Stored data entries:
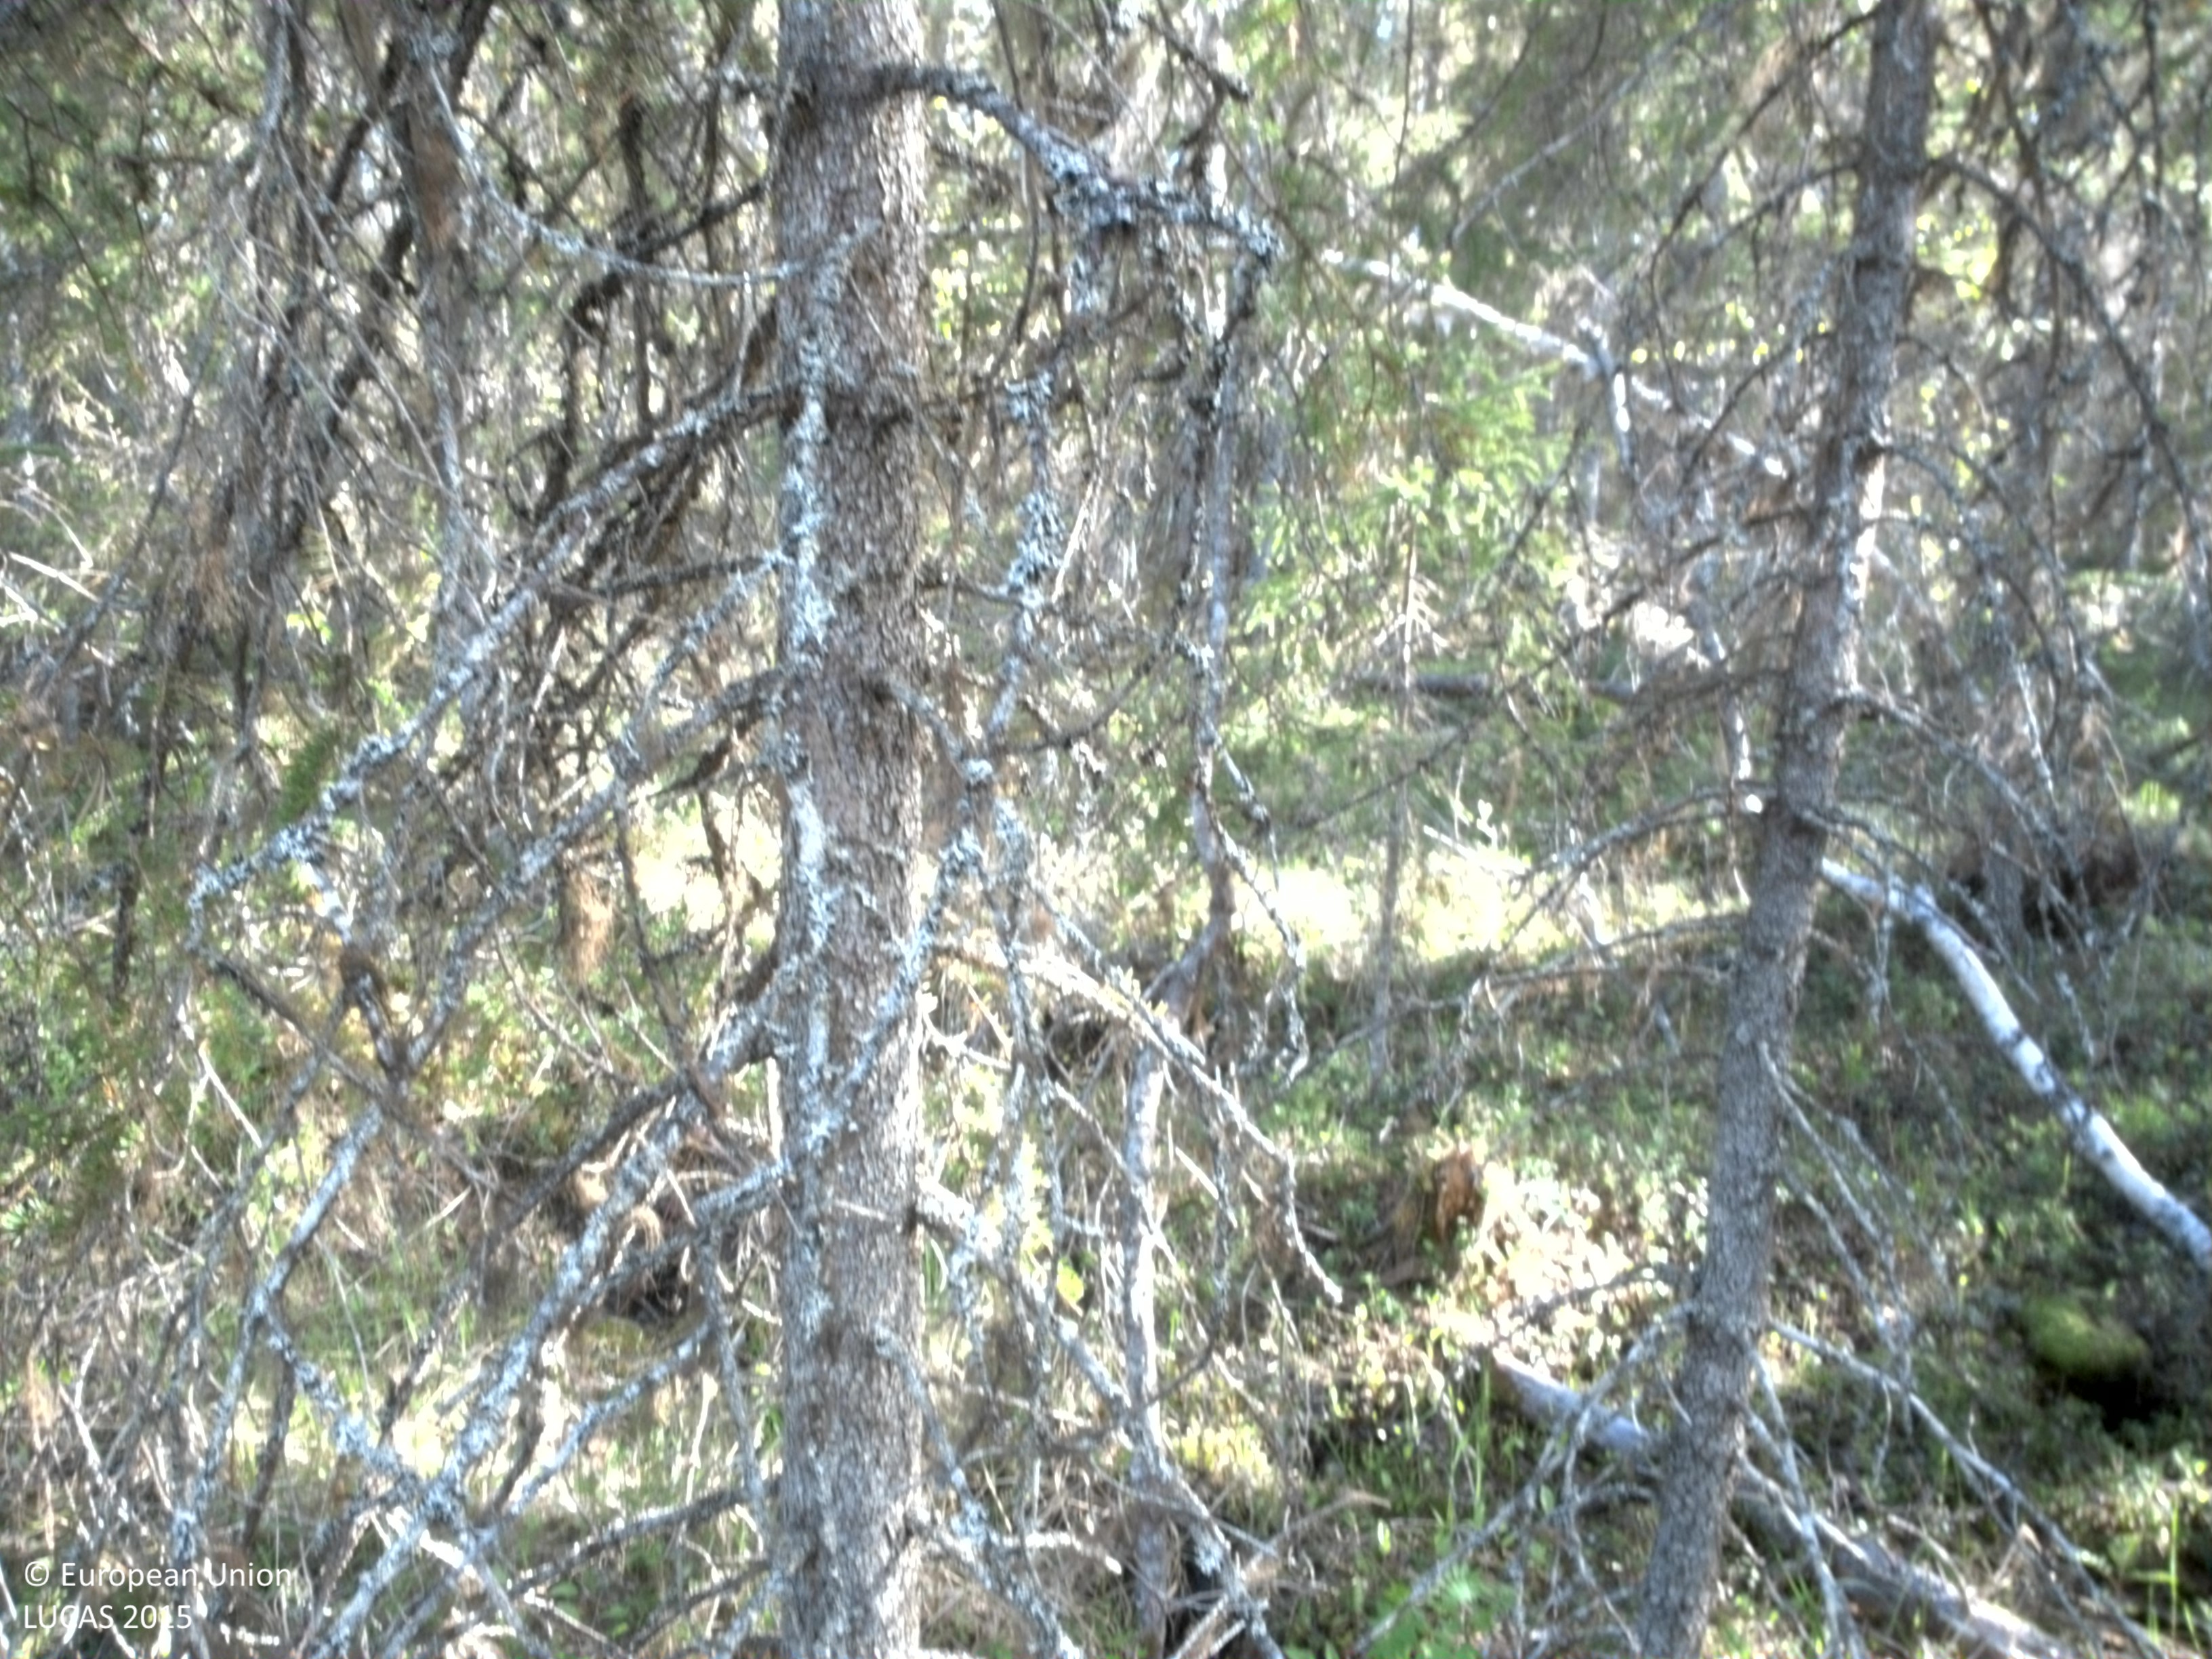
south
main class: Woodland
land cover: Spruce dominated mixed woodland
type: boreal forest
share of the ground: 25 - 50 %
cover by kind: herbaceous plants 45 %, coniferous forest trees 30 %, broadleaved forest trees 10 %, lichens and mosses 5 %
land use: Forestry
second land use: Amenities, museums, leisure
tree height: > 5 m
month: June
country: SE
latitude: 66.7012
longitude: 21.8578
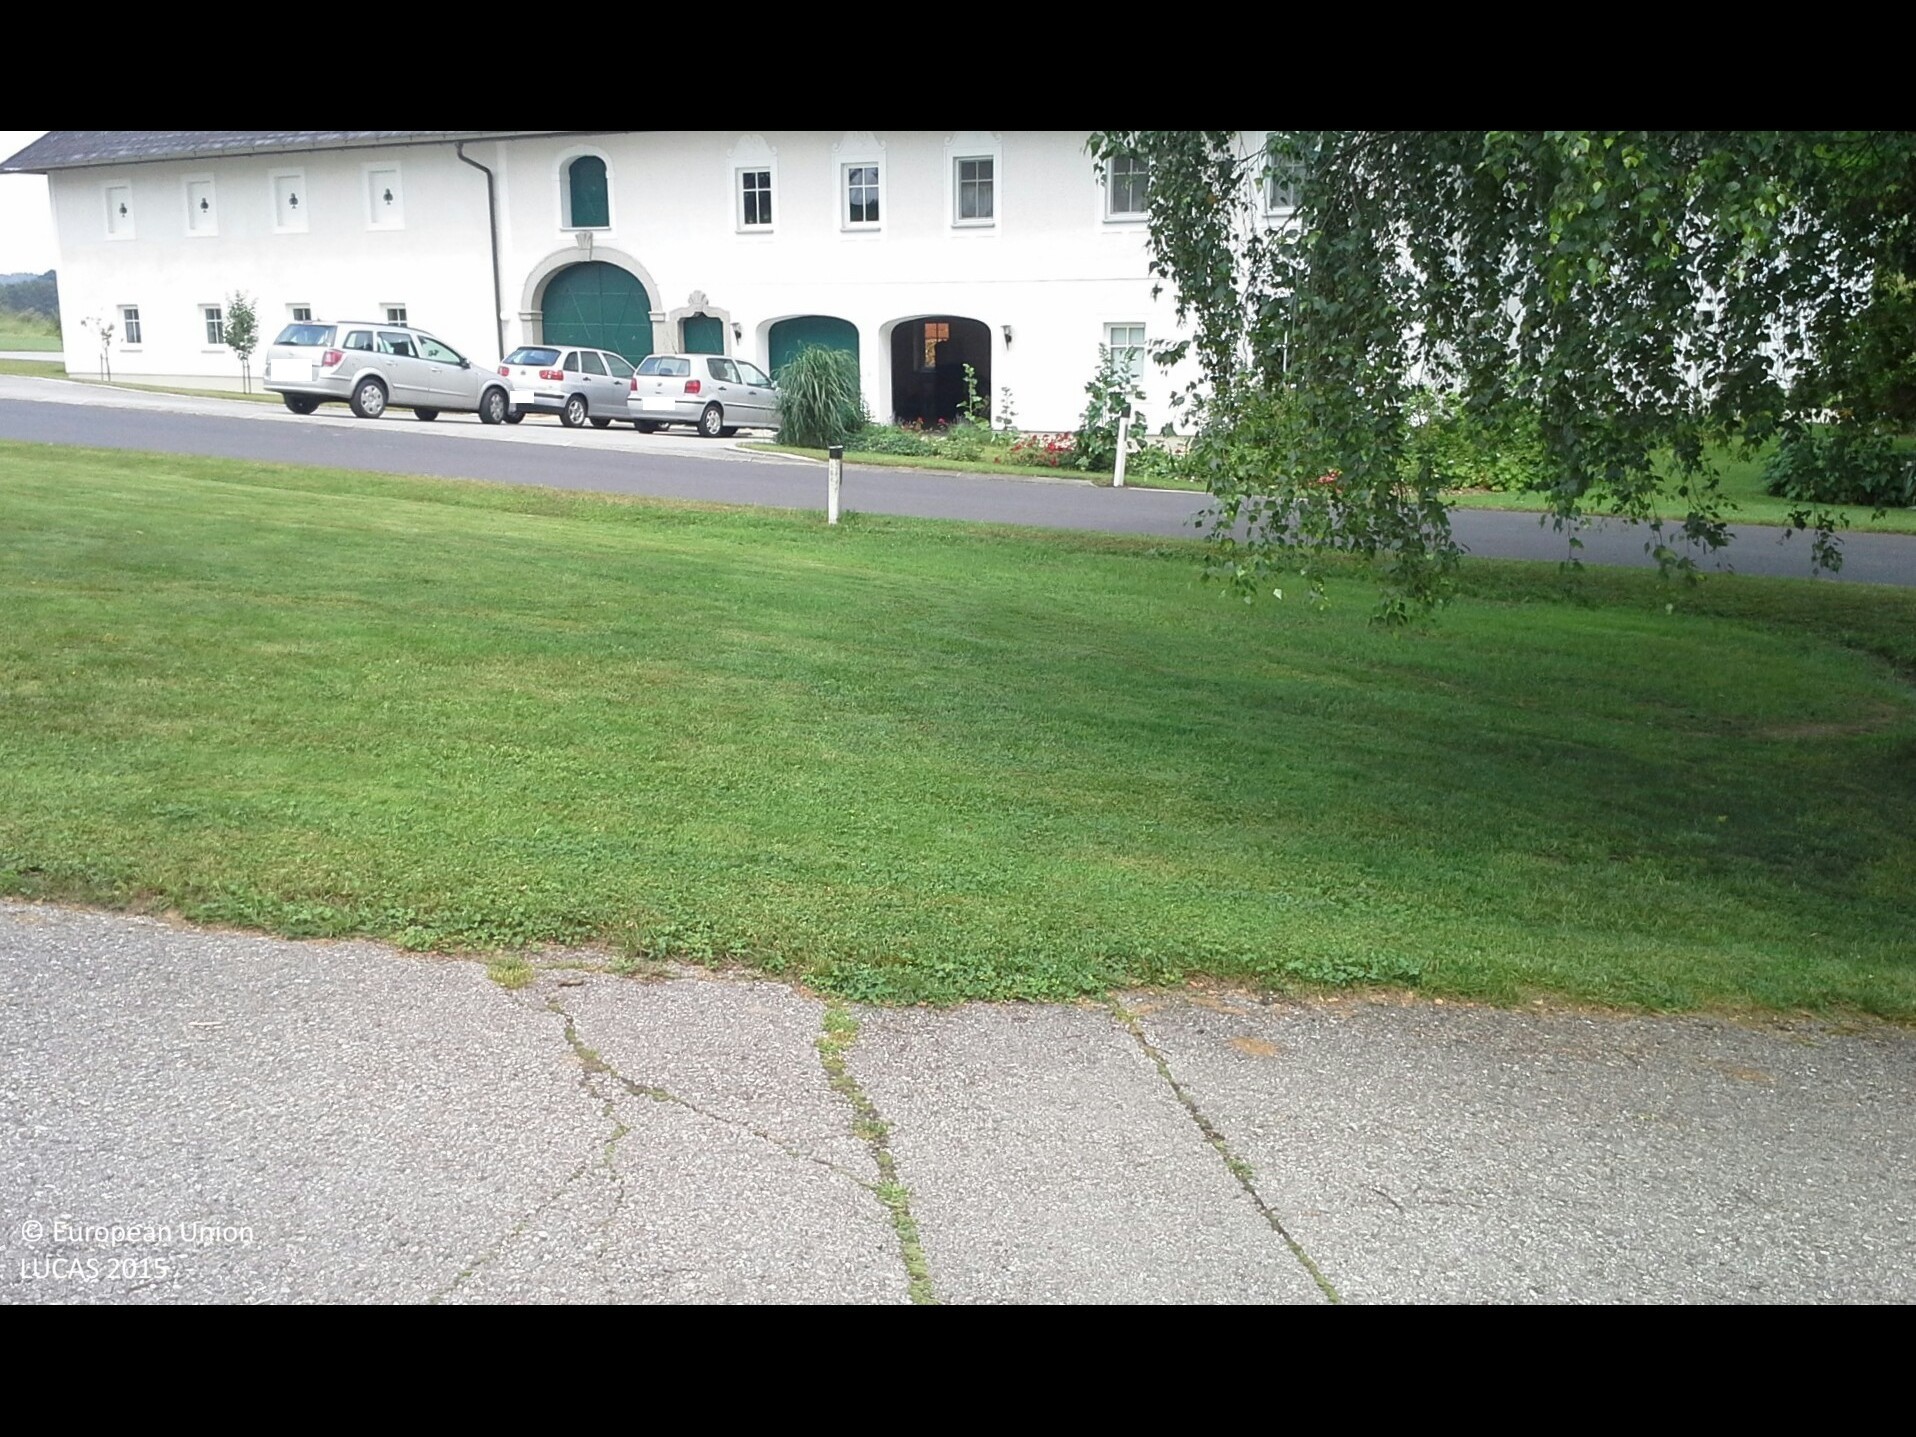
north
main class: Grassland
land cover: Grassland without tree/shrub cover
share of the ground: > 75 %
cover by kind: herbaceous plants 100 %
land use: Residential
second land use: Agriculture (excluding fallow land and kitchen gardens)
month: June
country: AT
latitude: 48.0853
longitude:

◆ Your assignment
Quote, please, only the lines running from the one with "latitude: 66.7012" down to the final line of the data above, keeping both ends and skipping the pictures.

◆ Answer
latitude: 66.7012
longitude: 21.8578
north
main class: Grassland
land cover: Grassland without tree/shrub cover
share of the ground: > 75 %
cover by kind: herbaceous plants 100 %
land use: Residential
second land use: Agriculture (excluding fallow land and kitchen gardens)
month: June
country: AT
latitude: 48.0853
longitude:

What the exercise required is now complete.